Brief: Please report each line of the data below that contains "determine".

The input:
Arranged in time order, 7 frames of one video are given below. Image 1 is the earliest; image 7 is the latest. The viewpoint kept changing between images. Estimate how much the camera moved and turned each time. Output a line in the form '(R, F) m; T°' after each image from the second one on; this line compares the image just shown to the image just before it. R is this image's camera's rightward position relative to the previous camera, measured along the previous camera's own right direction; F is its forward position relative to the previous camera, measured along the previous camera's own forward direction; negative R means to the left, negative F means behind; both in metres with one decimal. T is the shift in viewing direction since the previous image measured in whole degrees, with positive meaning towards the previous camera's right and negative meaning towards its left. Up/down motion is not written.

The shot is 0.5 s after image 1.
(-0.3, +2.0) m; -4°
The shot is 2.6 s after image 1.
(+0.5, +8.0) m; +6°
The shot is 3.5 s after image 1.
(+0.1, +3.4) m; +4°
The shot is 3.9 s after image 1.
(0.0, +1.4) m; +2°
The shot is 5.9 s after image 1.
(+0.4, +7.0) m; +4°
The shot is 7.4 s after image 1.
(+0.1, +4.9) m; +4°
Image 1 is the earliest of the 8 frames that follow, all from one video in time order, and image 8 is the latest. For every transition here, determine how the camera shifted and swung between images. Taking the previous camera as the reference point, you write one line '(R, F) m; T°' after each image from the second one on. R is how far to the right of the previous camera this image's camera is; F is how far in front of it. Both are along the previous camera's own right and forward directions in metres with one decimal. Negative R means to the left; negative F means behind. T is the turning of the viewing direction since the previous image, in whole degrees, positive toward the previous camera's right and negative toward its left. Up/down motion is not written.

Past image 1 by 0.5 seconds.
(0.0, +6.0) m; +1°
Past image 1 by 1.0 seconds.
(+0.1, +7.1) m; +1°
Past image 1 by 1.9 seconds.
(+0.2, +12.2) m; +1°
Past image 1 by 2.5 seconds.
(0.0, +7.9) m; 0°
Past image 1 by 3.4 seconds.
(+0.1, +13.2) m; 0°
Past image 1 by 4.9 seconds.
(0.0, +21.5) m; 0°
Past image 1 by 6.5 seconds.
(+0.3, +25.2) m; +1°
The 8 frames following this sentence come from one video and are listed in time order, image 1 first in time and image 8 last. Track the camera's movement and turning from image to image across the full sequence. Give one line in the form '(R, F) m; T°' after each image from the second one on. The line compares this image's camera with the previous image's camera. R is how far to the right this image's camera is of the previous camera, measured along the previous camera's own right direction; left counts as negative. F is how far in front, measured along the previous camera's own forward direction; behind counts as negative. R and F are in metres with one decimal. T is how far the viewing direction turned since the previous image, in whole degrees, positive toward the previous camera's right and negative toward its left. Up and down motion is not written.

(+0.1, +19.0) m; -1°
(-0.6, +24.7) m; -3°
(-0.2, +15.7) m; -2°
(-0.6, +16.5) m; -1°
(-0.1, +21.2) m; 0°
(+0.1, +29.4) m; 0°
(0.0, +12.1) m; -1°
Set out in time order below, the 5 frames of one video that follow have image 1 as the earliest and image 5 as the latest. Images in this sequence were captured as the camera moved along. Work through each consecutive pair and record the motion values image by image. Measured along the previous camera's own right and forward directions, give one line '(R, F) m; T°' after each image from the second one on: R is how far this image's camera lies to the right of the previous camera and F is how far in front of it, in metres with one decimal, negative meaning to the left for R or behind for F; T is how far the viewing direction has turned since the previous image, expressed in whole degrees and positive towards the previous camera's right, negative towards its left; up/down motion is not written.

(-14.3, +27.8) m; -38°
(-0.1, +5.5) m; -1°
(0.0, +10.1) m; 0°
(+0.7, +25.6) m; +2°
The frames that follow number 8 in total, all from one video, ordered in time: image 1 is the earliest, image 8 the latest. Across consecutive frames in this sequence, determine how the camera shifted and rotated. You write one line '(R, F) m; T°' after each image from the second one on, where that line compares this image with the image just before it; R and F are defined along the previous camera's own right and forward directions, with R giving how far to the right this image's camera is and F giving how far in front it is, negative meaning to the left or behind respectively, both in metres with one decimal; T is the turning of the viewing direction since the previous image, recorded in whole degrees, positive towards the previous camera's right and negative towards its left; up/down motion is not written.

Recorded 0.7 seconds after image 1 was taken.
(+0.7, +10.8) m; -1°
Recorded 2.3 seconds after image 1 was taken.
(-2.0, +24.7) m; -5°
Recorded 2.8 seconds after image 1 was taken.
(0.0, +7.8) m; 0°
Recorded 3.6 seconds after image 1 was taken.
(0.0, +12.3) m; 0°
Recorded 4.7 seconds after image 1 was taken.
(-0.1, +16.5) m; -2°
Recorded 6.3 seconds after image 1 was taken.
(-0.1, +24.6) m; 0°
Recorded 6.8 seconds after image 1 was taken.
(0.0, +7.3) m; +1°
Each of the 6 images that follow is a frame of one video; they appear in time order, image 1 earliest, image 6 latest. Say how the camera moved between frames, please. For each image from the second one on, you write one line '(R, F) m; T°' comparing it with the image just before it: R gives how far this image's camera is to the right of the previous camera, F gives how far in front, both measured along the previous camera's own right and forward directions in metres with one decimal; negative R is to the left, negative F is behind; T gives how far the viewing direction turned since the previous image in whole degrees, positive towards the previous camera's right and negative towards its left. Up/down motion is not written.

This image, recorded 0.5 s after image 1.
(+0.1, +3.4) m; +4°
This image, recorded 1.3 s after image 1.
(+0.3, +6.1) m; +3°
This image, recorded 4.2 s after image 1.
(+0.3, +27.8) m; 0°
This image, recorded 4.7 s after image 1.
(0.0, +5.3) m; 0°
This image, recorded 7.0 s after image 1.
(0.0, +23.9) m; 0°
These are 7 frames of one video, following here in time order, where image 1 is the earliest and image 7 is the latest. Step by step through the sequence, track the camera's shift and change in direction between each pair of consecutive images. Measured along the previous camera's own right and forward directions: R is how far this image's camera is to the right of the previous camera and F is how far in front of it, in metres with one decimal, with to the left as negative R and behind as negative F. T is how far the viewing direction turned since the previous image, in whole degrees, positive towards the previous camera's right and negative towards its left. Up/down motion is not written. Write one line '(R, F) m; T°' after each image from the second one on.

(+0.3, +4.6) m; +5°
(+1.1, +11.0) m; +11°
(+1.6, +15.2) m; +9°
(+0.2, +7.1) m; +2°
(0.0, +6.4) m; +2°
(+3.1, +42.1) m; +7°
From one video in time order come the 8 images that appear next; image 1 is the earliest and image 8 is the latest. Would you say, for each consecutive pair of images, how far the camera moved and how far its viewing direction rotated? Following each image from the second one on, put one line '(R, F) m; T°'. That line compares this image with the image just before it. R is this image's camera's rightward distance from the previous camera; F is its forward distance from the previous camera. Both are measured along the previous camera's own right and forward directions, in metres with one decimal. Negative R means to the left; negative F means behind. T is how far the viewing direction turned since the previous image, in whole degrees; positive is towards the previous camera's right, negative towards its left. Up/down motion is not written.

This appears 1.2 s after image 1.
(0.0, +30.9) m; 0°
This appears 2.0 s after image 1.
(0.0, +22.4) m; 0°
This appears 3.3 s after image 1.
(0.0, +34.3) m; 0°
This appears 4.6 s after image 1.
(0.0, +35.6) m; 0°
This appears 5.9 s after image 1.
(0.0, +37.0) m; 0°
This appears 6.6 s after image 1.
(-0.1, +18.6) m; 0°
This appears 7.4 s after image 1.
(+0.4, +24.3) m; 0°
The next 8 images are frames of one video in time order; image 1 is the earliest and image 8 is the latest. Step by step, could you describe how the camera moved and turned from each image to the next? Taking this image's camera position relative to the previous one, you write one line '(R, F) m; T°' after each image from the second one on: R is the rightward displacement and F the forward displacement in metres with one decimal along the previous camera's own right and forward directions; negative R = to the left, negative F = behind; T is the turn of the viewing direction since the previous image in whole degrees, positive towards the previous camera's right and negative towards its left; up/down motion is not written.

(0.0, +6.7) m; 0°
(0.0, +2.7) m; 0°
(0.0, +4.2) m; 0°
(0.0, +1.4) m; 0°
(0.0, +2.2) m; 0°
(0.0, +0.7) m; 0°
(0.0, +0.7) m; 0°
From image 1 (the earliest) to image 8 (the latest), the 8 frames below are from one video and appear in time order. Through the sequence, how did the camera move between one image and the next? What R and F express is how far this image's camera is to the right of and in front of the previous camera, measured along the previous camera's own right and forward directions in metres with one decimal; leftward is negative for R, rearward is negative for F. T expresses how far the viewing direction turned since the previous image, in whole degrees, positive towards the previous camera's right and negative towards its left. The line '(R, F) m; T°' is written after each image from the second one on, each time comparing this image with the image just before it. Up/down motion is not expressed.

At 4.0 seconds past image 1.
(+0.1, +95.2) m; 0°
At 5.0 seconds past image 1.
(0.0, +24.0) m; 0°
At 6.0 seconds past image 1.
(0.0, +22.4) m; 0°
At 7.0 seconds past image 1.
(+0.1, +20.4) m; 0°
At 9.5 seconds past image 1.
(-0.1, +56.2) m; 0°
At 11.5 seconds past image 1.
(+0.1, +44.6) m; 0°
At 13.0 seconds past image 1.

Task output:
Image 1 is the earliest of the 8 frames that follow, all from one video in time order, and image 8 is the latest. For every transition here, determine how the camera shifted and swung between images. Taking the previous camera as the reference point, you write one line '(R, F) m; T°' after each image from the second one on. R is how far to the right of the previous camera this image's camera is; F is how far in front of it. Both are along the previous camera's own right and forward directions in metres with one decimal. Negative R means to the left; negative F means behind. T is the turning of the viewing direction since the previous image, in whole degrees, positive toward the previous camera's right and negative toward its left. Up/down motion is not written.
The frames that follow number 8 in total, all from one video, ordered in time: image 1 is the earliest, image 8 the latest. Across consecutive frames in this sequence, determine how the camera shifted and rotated. You write one line '(R, F) m; T°' after each image from the second one on, where that line compares this image with the image just before it; R and F are defined along the previous camera's own right and forward directions, with R giving how far to the right this image's camera is and F giving how far in front it is, negative meaning to the left or behind respectively, both in metres with one decimal; T is the turning of the viewing direction since the previous image, recorded in whole degrees, positive towards the previous camera's right and negative towards its left; up/down motion is not written.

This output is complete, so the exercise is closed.